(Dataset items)
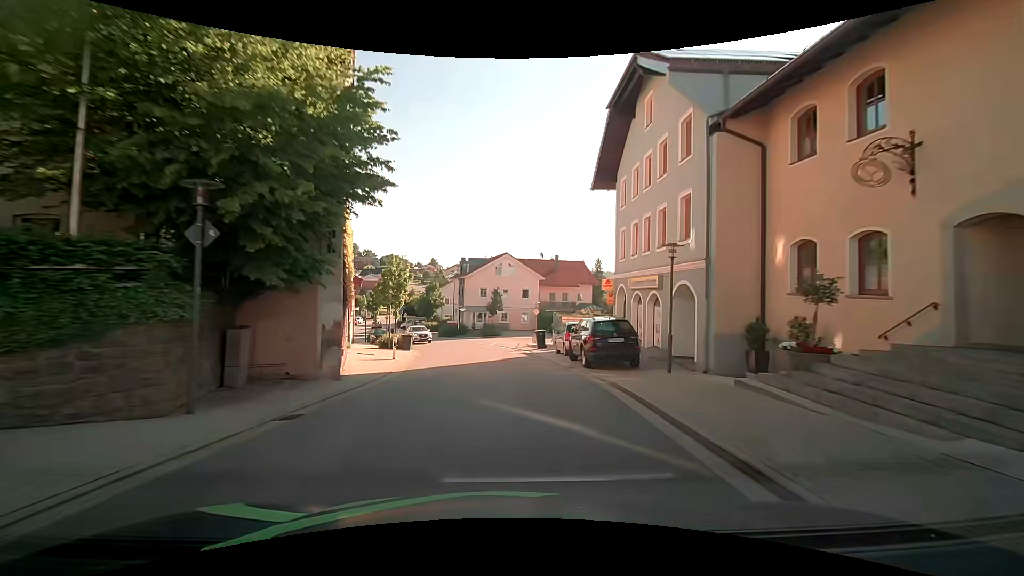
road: tertiary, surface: asphalt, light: Day
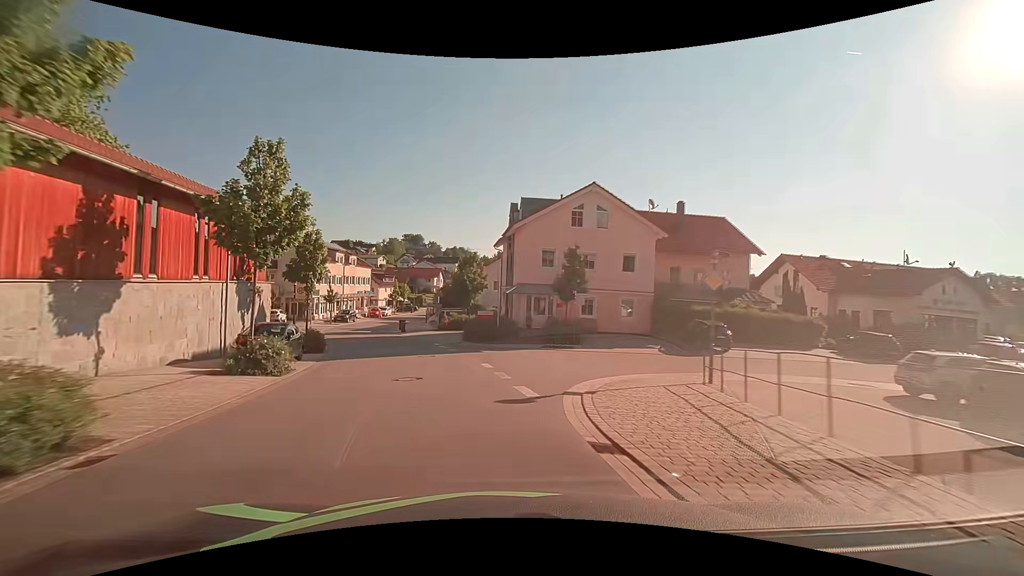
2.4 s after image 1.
(-0.9, +30.9) m; -8°
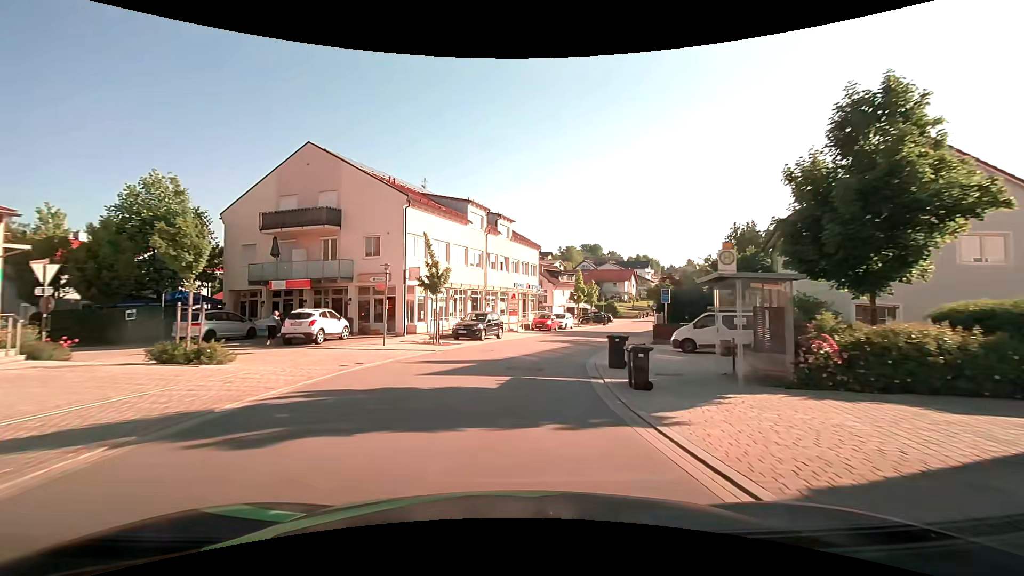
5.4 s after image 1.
(-8.2, +37.4) m; -20°
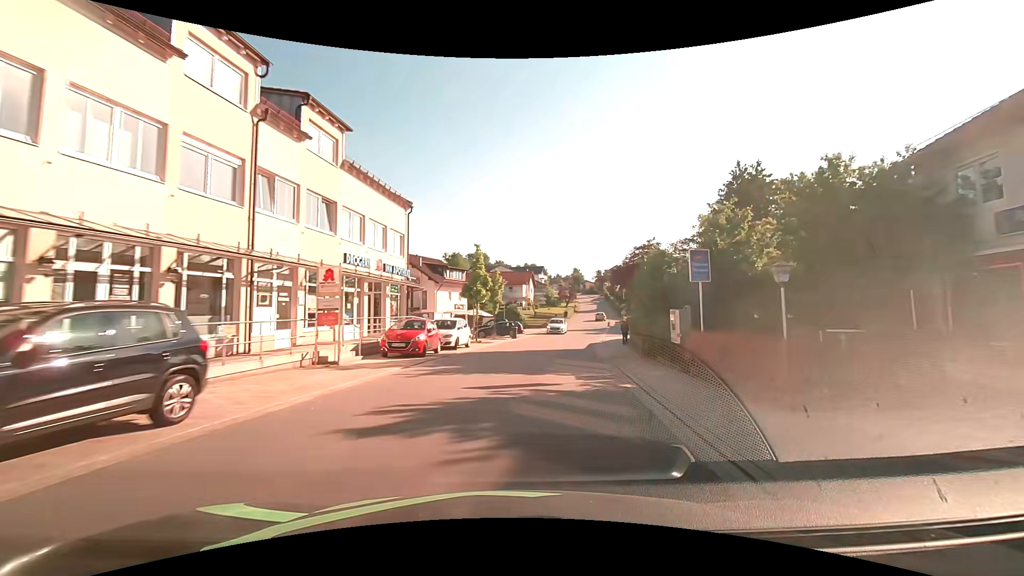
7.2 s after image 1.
(+1.9, +23.0) m; +12°
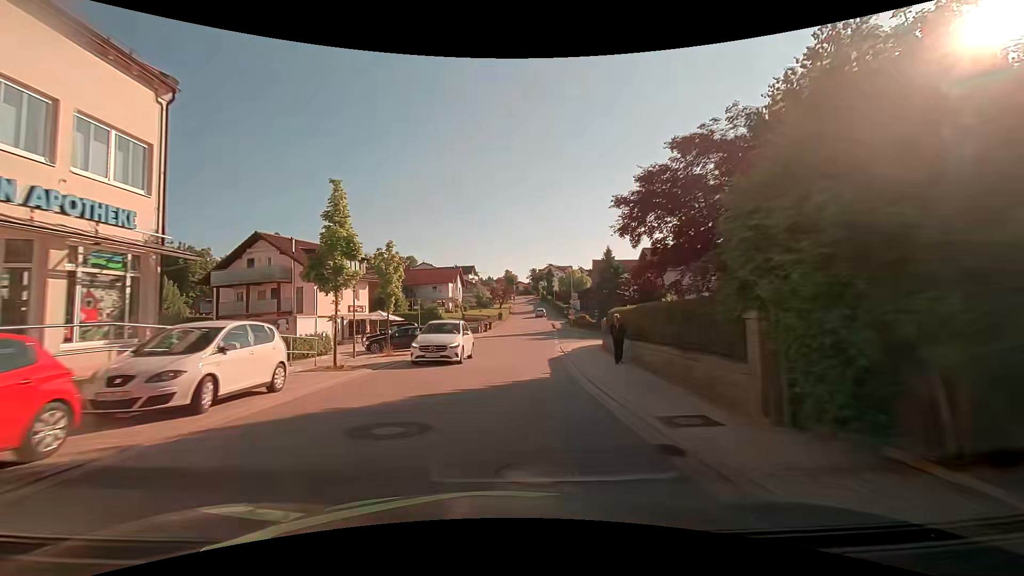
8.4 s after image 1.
(+1.3, +15.3) m; +8°
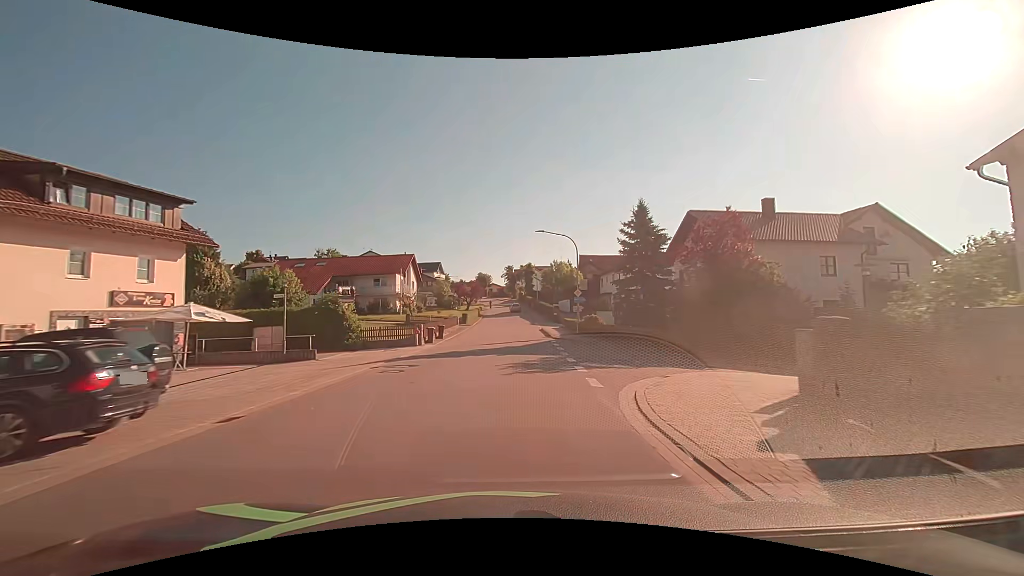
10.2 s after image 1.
(+0.5, +23.2) m; +3°
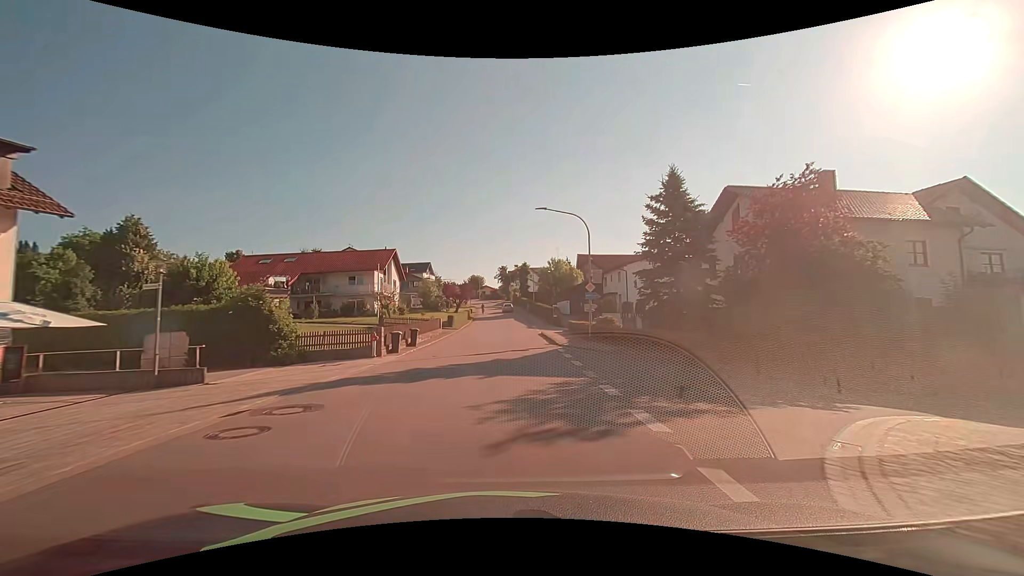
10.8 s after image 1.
(+0.1, +7.7) m; +1°
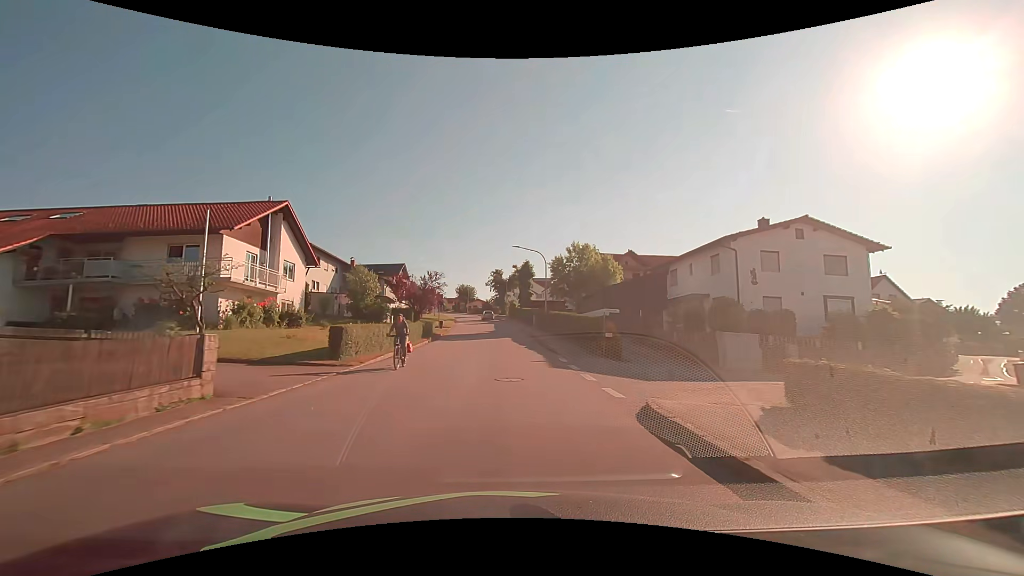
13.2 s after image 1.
(+0.4, +30.5) m; +1°
(0, +10) (0, +20) (0, +30) (0, +40) (-1, +50) (-2, +60) (-3, +70) (-4, +80) (-5, +90) (-7, +100) m

> Problem details: Take the entries above and restate them word for word, minus their images.

> Output of the task:
road: tertiary, surface: asphalt, light: Day
2.4 s after image 1.
(-0.9, +30.9) m; -8°
5.4 s after image 1.
(-8.2, +37.4) m; -20°
7.2 s after image 1.
(+1.9, +23.0) m; +12°
8.4 s after image 1.
(+1.3, +15.3) m; +8°
10.2 s after image 1.
(+0.5, +23.2) m; +3°
10.8 s after image 1.
(+0.1, +7.7) m; +1°
13.2 s after image 1.
(+0.4, +30.5) m; +1°
(0, +10) (0, +20) (0, +30) (0, +40) (-1, +50) (-2, +60) (-3, +70) (-4, +80) (-5, +90) (-7, +100) m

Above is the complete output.